Start of Material for the task

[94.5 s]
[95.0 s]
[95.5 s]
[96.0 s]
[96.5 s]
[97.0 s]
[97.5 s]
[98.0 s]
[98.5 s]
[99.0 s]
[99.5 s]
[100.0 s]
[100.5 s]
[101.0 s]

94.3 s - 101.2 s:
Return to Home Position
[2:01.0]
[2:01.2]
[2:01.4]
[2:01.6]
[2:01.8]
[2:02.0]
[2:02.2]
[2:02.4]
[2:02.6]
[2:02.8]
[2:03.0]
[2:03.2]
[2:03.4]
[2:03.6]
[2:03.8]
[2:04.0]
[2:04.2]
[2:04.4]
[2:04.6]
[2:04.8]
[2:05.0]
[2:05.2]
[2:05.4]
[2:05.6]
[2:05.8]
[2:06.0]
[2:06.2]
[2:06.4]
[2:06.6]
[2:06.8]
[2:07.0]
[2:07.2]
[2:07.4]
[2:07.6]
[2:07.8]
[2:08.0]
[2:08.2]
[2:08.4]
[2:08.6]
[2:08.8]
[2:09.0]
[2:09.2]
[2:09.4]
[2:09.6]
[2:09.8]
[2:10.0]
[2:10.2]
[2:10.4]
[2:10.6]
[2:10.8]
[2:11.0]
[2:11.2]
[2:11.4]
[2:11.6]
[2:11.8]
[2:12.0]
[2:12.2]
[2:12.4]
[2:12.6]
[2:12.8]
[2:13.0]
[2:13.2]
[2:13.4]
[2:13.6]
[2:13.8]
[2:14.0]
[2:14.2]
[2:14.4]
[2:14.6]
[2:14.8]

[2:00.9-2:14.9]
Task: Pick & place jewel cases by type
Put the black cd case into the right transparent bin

End of Material for the task

What to work on: Without skipping anything, transcribe every line above exactly.

Result:
[94.5 s]
[95.0 s]
[95.5 s]
[96.0 s]
[96.5 s]
[97.0 s]
[97.5 s]
[98.0 s]
[98.5 s]
[99.0 s]
[99.5 s]
[100.0 s]
[100.5 s]
[101.0 s]

94.3 s - 101.2 s:
Return to Home Position
[2:01.0]
[2:01.2]
[2:01.4]
[2:01.6]
[2:01.8]
[2:02.0]
[2:02.2]
[2:02.4]
[2:02.6]
[2:02.8]
[2:03.0]
[2:03.2]
[2:03.4]
[2:03.6]
[2:03.8]
[2:04.0]
[2:04.2]
[2:04.4]
[2:04.6]
[2:04.8]
[2:05.0]
[2:05.2]
[2:05.4]
[2:05.6]
[2:05.8]
[2:06.0]
[2:06.2]
[2:06.4]
[2:06.6]
[2:06.8]
[2:07.0]
[2:07.2]
[2:07.4]
[2:07.6]
[2:07.8]
[2:08.0]
[2:08.2]
[2:08.4]
[2:08.6]
[2:08.8]
[2:09.0]
[2:09.2]
[2:09.4]
[2:09.6]
[2:09.8]
[2:10.0]
[2:10.2]
[2:10.4]
[2:10.6]
[2:10.8]
[2:11.0]
[2:11.2]
[2:11.4]
[2:11.6]
[2:11.8]
[2:12.0]
[2:12.2]
[2:12.4]
[2:12.6]
[2:12.8]
[2:13.0]
[2:13.2]
[2:13.4]
[2:13.6]
[2:13.8]
[2:14.0]
[2:14.2]
[2:14.4]
[2:14.6]
[2:14.8]

[2:00.9-2:14.9]
Task: Pick & place jewel cases by type
Put the black cd case into the right transparent bin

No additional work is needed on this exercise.